Paper 2024/663

Xproofs: New Aggregatable and Maintainable Matrix Commitment with Optimal Proof Size

Abstract

Vector Commitment (VC) enables one to commit to a vector, and then the element at a specific position can be opened, with proof of consistency to the initial commitment. VC is a powerful primitive with various applications, including stateless cryptocurrencies. Recently, matrix commitment Matproofs (Liu and Zhang CCS 2022), as an extension of VC, has been proposed to reduce the communication and computation complexity of VC-based cryptocurrencies. However, Matproofs requires linear-sized public parameters, and the aggregated proof size may also increase linearly with the number of individual proofs aggregated. Additionally, the proof updating process involves the third party, known as Proof-Serving Nodes (PSNs), which leads to extra storage and communication overhead. In this paper, we first propose a multi-dimensional variant of matrix commitment and construct a new matrix commitment scheme for two-dimensional matrix, called 2D-Xproofs, which achieves optimal aggregated proof size without using PSNs. Furthermore, we present a highly maintainable three-dimensional scheme, 3D-Xproofs, which updates all proofs within time sublinear in the size of the committed matrix without PSNs' assistance.

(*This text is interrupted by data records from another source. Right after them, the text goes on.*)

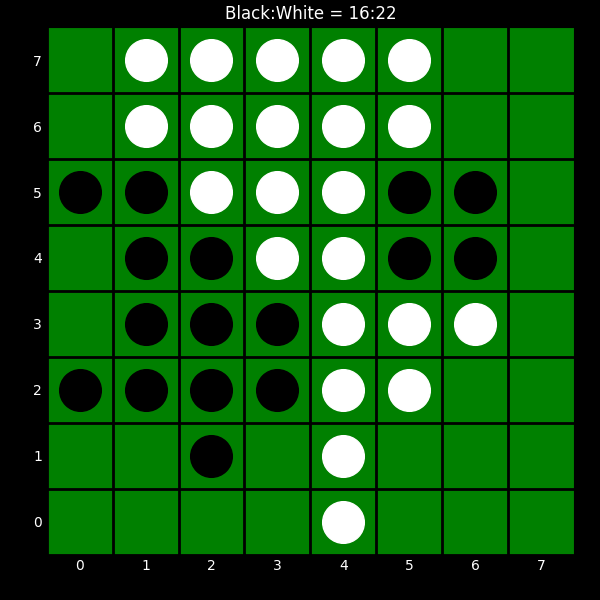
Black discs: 16
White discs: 22
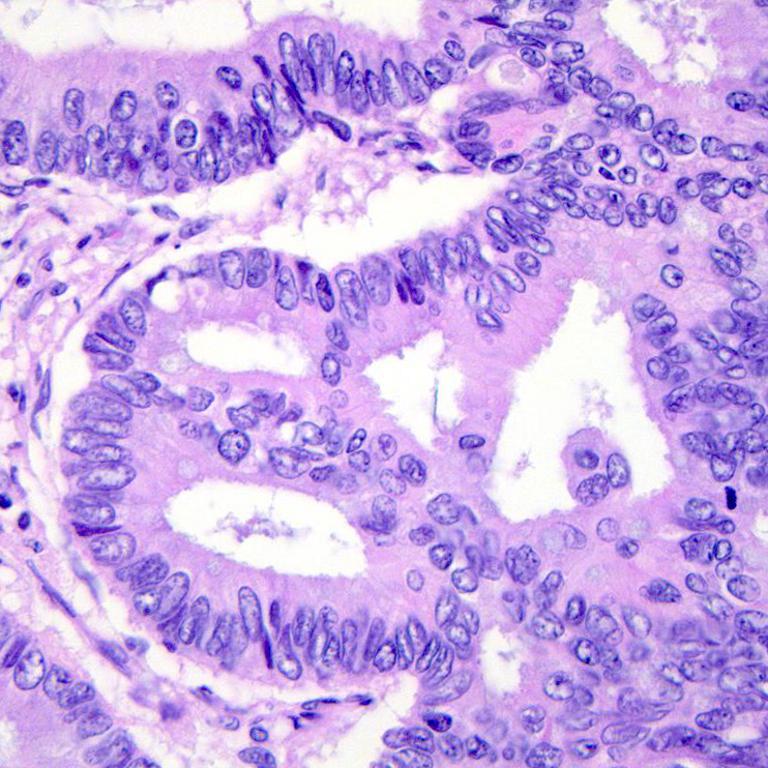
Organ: colon
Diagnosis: adenocarcinomas
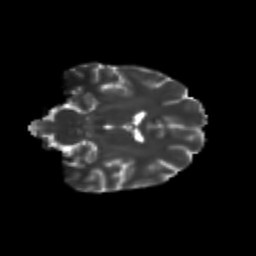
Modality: T2w
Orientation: coronal
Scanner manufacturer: siemens
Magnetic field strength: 3 T
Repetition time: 9.2 s
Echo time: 0.084 s
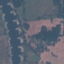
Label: River
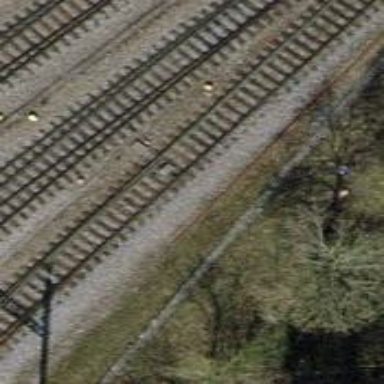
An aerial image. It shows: Railway switch.
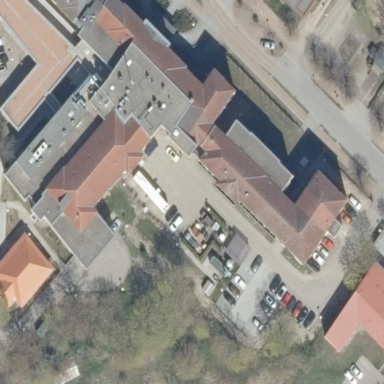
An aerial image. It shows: Hospital providing healthcare services.
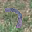
Label: 7
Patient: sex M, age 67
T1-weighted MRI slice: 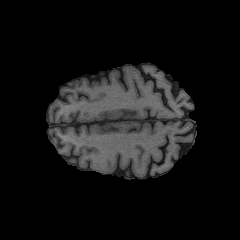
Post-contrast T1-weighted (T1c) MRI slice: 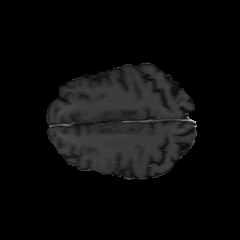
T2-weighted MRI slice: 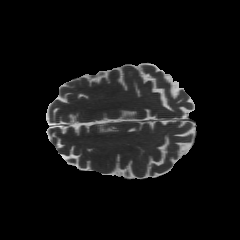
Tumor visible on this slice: no
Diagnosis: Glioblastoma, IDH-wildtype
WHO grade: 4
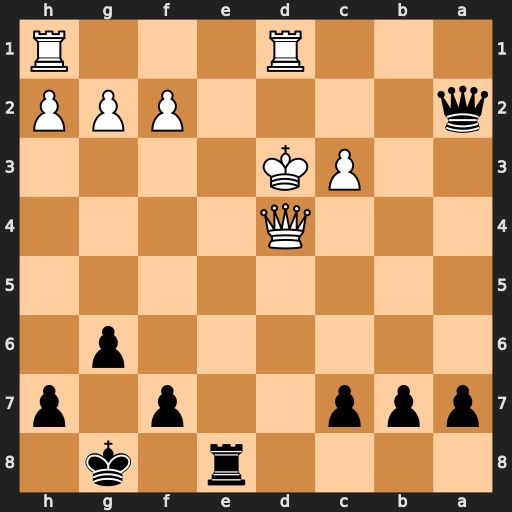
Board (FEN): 4r1k1/ppp2p1p/6p1/8/3Q4/2PK4/q4PPP/3R3R
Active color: b
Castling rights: -
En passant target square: -
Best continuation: Qe2#
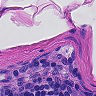
Metastatic tissue present: no
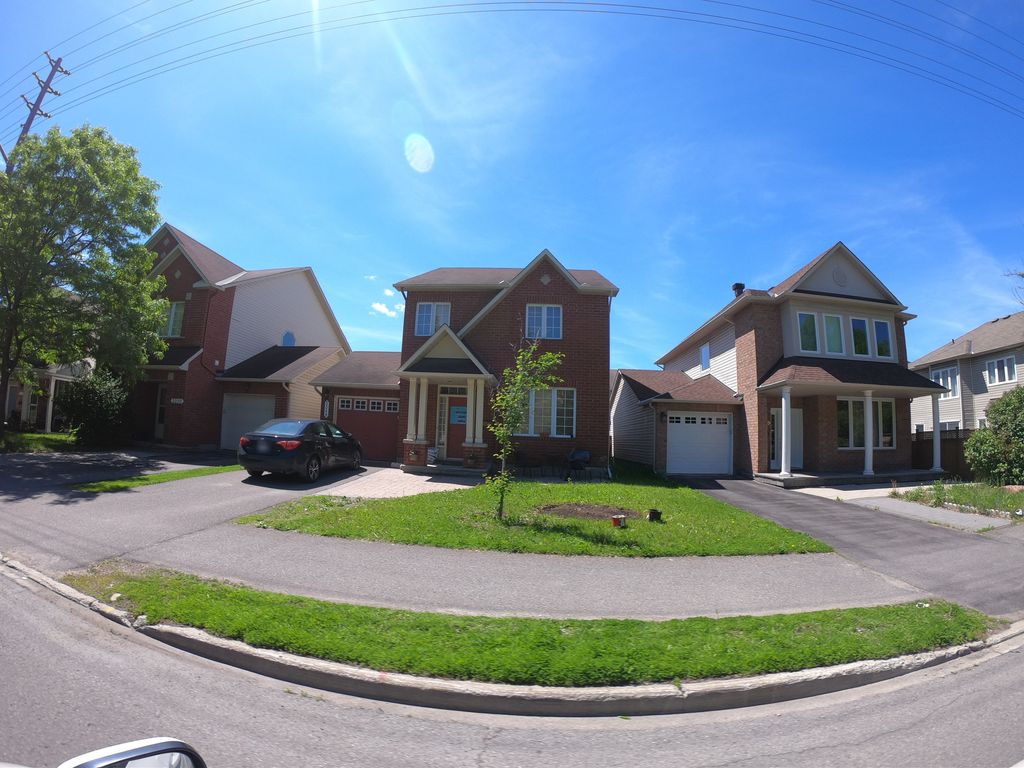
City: ottawa-gatineau

More generally, we could further increase the matrix dimensionality to achieve more efficient proof updates. Finally, we demonstrate the security of our schemes, showing that both schemes are position binding. We also implement both schemes, and the results indicate that our schemes enjoy constant-sized aggregated proofs and sublinear-sized public parameters, and the proof update time in 3D-Xproofs is $2.5\times$ faster than Matproofs.